Thank goodness for Backblaze, Time Machine, Carbon Copy Cloner, Drobo and
Synology. Maybe I have gone overboard, but I have not lost any data in 12+
years.

------
rkagerer
I've done a bit of ad-hoc reliability testing with SSD's.

Some years ago I got a great deal on several Pacer disks and wrote a program
to write a pseudo-random sequence of data (using a known initial seed) across
the entire disk and read it back and compare. Part way through, the data
didn't match. No ECC errors, nothing raised by the filesystem, just mismatched
bits which came back in a manner which tried to "trick" me into thinking they
were good data. This happened on like 5 of the 8 disks. Needless to say I sent
those crappy SSD's back to the manufacturer (unfortunately only got a 2/3
refund) along with some harsh words for their engineers.

I've had more name-brand SSD's fail, in various manners (even on well-reviewed
Kingston drives). Sometimes in ways that can't be accessed at all, other times
(at best of times) in a manner which doesn't allow writes but still allows
reads (albeit at a trickle of a datarate).

These days I use solely Intel-based, top-line SSD's, and some (very limited)
Samsungs. The choice isn't based on empirical data, but rather and impression
their bar is a little higher (or more conservative) in terms of reliability,
and simply not wanting to deal with the apparent issues I've seemed to
encounter with other brands. The downtime lost from restoring / reconstructing
just isn't worth it to me. Maybe I'm paying twice as much as I ought to, but
since making the switch many years back it's worked out pretty well and I've
been happy / fortunate.

I run my SSD's in RAID10 using high-end controllers (aside from a few in ZFS).

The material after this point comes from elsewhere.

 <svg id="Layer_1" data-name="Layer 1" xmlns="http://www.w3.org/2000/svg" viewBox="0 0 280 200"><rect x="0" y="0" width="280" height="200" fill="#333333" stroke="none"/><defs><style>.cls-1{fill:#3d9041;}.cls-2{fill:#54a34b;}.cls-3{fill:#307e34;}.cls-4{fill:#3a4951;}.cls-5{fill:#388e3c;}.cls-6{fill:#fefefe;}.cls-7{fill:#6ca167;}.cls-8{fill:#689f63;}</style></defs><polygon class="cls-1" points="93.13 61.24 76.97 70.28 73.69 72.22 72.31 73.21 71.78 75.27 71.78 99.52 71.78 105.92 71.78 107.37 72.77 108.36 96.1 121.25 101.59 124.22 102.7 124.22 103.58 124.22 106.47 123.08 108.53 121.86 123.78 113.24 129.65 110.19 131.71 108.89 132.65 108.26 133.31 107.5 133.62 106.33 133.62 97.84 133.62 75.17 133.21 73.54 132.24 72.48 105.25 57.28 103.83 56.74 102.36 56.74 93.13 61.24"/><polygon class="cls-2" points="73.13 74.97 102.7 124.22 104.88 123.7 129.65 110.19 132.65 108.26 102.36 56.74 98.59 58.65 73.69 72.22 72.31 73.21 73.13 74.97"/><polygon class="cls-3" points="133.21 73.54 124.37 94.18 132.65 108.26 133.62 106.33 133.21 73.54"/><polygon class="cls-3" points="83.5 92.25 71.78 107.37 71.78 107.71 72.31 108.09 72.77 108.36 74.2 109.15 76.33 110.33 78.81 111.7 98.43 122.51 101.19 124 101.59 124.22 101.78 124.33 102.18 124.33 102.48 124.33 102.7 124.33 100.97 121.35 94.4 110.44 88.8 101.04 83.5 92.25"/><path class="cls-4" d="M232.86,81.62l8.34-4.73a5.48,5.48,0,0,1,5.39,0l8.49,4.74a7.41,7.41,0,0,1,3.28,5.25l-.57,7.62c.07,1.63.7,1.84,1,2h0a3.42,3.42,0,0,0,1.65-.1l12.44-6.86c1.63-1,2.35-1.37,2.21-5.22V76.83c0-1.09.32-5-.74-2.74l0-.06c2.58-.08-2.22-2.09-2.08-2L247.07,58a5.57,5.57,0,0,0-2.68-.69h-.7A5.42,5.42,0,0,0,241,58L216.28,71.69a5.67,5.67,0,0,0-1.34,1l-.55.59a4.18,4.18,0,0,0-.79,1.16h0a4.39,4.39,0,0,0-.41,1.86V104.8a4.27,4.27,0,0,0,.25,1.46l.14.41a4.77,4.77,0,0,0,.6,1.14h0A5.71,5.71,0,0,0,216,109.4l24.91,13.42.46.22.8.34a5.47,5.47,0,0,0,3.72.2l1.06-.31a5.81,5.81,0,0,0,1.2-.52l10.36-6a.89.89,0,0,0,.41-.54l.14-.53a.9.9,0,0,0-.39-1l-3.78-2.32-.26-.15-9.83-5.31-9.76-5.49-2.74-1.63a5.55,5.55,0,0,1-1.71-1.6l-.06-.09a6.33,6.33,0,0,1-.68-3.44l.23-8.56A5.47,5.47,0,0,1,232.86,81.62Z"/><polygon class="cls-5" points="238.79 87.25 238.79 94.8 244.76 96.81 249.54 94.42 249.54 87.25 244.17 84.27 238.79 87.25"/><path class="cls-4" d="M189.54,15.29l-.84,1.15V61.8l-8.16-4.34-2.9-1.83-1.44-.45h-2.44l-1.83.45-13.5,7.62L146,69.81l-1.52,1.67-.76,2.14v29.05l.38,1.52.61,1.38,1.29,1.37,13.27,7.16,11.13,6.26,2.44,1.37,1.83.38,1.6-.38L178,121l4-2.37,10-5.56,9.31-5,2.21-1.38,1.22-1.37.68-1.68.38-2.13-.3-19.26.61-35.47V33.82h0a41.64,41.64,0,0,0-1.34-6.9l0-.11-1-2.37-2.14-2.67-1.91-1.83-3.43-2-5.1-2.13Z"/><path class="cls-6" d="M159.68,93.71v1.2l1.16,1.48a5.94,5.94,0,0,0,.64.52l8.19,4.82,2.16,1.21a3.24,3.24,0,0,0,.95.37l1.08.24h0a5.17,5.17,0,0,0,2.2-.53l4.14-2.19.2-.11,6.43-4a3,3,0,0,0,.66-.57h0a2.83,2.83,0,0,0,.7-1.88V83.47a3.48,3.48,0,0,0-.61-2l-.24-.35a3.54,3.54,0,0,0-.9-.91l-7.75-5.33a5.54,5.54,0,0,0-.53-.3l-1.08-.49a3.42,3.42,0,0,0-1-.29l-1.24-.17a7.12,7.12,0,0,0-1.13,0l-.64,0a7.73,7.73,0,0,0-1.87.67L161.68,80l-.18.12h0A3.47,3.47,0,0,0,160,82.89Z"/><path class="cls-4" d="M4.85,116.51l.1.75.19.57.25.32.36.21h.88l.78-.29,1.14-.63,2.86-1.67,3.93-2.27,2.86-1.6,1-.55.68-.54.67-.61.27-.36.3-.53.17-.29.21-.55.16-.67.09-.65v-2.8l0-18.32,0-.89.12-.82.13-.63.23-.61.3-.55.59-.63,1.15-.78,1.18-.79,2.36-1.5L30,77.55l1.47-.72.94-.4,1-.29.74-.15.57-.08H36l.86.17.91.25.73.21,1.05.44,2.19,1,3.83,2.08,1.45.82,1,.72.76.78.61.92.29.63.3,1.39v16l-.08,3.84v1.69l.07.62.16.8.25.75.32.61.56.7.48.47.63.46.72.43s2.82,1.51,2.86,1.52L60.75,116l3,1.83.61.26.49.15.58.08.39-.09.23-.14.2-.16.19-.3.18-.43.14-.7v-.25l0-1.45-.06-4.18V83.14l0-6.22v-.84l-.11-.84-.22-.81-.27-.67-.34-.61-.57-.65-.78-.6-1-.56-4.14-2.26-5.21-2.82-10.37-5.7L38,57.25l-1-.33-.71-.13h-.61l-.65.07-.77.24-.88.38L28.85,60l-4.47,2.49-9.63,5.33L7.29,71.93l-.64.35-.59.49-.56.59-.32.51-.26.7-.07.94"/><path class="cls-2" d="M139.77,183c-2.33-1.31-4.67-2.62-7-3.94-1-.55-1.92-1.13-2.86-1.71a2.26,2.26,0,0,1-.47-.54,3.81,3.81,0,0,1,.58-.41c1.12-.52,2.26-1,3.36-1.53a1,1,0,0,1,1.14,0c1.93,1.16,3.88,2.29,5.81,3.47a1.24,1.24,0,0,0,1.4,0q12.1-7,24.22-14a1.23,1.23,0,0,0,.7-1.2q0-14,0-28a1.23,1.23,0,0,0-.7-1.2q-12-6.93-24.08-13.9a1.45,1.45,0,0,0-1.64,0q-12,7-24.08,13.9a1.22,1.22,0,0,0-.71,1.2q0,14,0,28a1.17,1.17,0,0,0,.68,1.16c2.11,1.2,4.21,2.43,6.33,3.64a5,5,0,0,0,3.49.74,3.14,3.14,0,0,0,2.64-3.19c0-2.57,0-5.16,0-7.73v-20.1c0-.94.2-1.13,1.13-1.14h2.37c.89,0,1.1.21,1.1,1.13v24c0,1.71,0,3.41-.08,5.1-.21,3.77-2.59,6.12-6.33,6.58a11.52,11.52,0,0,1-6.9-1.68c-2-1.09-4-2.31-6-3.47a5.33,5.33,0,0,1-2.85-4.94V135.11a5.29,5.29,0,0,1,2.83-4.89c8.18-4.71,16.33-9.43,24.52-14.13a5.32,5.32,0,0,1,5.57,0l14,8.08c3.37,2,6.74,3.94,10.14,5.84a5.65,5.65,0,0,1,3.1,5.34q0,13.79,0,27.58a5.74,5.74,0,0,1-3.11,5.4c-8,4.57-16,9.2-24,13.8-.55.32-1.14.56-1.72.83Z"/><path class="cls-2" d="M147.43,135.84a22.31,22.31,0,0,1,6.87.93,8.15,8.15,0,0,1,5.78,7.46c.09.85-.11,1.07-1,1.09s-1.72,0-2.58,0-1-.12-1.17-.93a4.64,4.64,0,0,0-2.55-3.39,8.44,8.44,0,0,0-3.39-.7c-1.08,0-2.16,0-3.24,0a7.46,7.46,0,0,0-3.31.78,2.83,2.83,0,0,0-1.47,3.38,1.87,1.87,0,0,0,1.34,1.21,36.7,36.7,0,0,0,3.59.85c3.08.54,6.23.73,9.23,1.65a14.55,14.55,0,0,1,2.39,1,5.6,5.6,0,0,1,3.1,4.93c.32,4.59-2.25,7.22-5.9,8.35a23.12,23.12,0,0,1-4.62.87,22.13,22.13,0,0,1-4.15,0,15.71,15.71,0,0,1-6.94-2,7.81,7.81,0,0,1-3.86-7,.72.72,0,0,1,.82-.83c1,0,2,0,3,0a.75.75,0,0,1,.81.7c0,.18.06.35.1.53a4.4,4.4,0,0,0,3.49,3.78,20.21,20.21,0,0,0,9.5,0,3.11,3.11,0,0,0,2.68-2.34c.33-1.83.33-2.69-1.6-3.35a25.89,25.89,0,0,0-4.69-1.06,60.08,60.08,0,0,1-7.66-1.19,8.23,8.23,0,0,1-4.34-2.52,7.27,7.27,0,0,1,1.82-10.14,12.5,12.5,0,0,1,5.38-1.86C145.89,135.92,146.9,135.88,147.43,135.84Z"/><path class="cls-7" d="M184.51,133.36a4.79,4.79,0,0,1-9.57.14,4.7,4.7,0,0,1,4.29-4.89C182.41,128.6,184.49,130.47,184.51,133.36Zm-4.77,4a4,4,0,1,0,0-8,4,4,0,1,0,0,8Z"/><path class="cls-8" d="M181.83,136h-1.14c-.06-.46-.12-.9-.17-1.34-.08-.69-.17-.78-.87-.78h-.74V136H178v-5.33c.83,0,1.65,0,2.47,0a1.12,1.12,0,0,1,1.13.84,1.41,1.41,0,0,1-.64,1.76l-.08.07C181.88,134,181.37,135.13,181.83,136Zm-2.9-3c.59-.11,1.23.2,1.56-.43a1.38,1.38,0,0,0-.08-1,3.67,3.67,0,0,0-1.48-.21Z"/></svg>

Just my own subjective experiences, again I'm not doing this at scale.

------
loeg
I recently had a similar SSD failure, although it wasn't in a "new fileserver"
but my daily use 2013 desktop. It was working, then it was producing write
errors corrupting my filesystem, then the whole system died, very quickly.
Fortunately for me, some data was recoverable from the corrupted disk; I had a
local backup from 12h prior, and a tarsnap backup from about the same time
back.

(Um, here's where I have to be critical of tarsnap: their recovery performance
is absolutely abysmal for small files. They're latency bound between you,
their EC2 instance, and the backing S3 store. Think single or double digit
kB/s and then think about how much data you back up with tarsnap. I can't
recommend any other backup provider better, but this is an experience where
tarsnap left me very disappointed.)

Looking at that SSD and my other SSDs' SMART data, they report extra blocks
remaining in SMART, and you can monitor that as it goes down. Ideally you
replace the drive before it gets to zero.

My primary mistake was simply not monitoring that data in an effective way.

I don't think anyone who monitors HDDs has any real expectation that the high-
level SMART yes/no is going to protect them from data loss. Instead they look
at highly predictive factors like "Reallocated_Sector_Ct" or
"Raw_Read_Error_Rate" (or even plain old "Power_On_Hours").

For SSDs it's quite similar: Reallocated_Sector_Ct, Power_On_Hours_and_Msec,
Available_Reservd_Space, Uncorrectable_Error_Cnt, Erase_Fail_Count,
Workld_Media_Wear_Indic, Media_Wearout_Indicator. Maybe NAND_Writes_1GiB.

NVME SSDs provide SMART-like data on logpage 2 ("Available spare", "Percentage
used", "Power on hours"). For some reason the NVME spec does not require media
to accept host-initiated self-checks, so most NVMe drives don't have the same
functionality as smartctl --test. :-(

------
MarkusWandel
For my home setup, at least, it's simple: Put the OS on a dirt cheap 120GB
SSD, and all the user data on a multi-terabyte hard disk. You can always
selectively migrate other performance critical, but can afford to lose, stuff
onto the SSD later. If it breaks, I just buy another one and reinstall the OS.
On laptops that can only take one drive, the SSD is it, but so is awareness
that the data on them has to be considered ephemeral. I've had assorted hard
disks die over the years, from old age, and so far without exception they've
been "mostly" recoverable - might have to give up on a few files that got hit
by bad sectors, that sort of thing. And have been warned about impending
failure by SMART diagnostics.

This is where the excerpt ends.